One of my docker nodes went offline tonight, but container did not restart. In the logs I see a single 500KB line with a stack trace, then it’s just updater happily checking for updates.
Hardware this node runs on is not perfect, but up until this point I never had to manually intervene to restart the container.

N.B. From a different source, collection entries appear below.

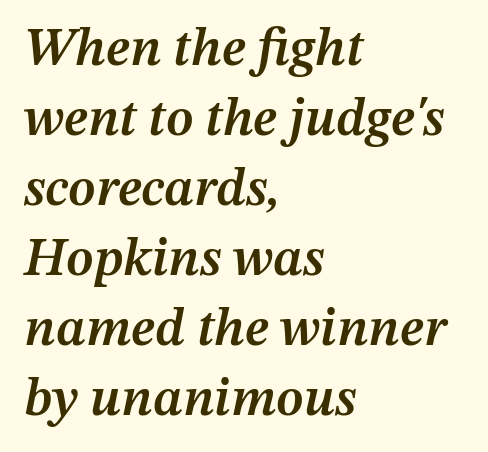
Default kerning and tracking; the words read as compact shapes. Notice how the passage keeps a crisp vertical edge on the left only. The typography opts for an oblique posture over an upright one. Its strokes are somewhat broadened, the hallmark of semibold type. These lines are rendered in a variable-pitch font.
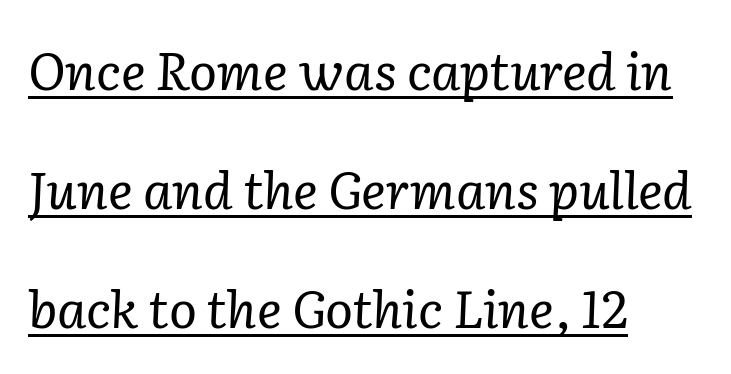
{"serif": "yes", "italic": "yes", "lean": "right", "slant_degrees": 2, "bold": "no", "weight": "regular", "width": "normal", "stroke_contrast": "low", "x_height": "medium", "monospaced": "no", "underline": "yes", "align": "left", "line_spacing": "loose", "line_spacing_ratio": 2.29, "letter_spacing": "normal", "letter_spacing_em": 0.0, "glyph_px": 52}
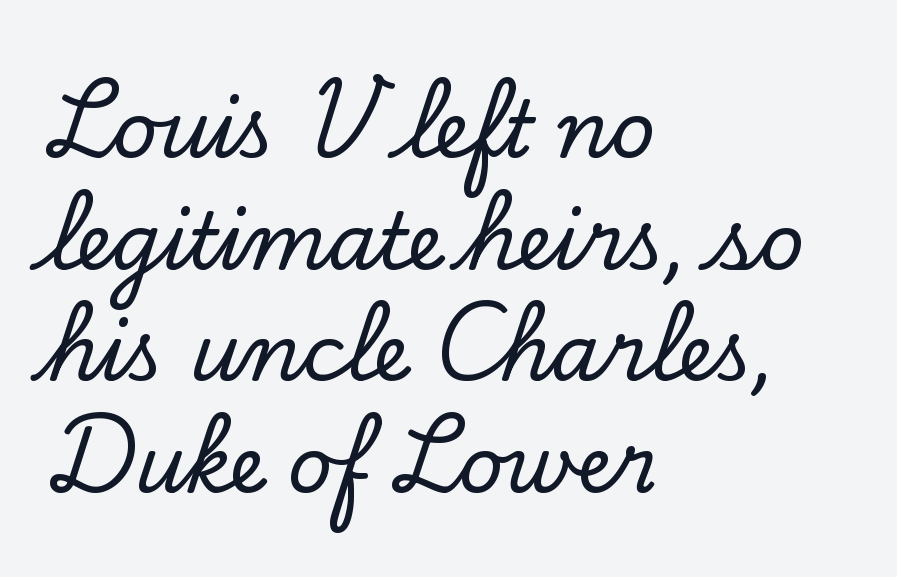
Just letters on the line, the space beneath them empty. The face used here is seriffed, in the tradition of book romans. The lines are quadded left. Quick note: interline space is typical.

I’ve tested the new image on my testnet node which seems to be working fine on synology DS3617xs. I’ll leave my production nodes on latest, prefer not to mess with those too much. That’s what test nodes are for.
This may be a bit of an issue with the new way the container works. If the storagenode process stops, but the updater doesn’t, the container still has running processes, so it won’t restart. That’s not ideal…
I have not, this node I haven’t touch it auto updated to 1.50.4 on its own then failed to start 1.52.
I have 3 pi4 running node this is the only one that had failed which all are running arm64.
Wow, 12 USB-drives and 1 SHR1 drive. I run a similar setup, DS920+ 12 GB RAM, but only 1 SHR1 volume. I made that force update, where I type the version. But when I went back to latest, I was back to 1.49 something. I had to manually pull down the “latest”. Just using docker run-command wasn’t enough. Mine just updated automaticly to 1.52.2 from 1.50.4 an hour ago.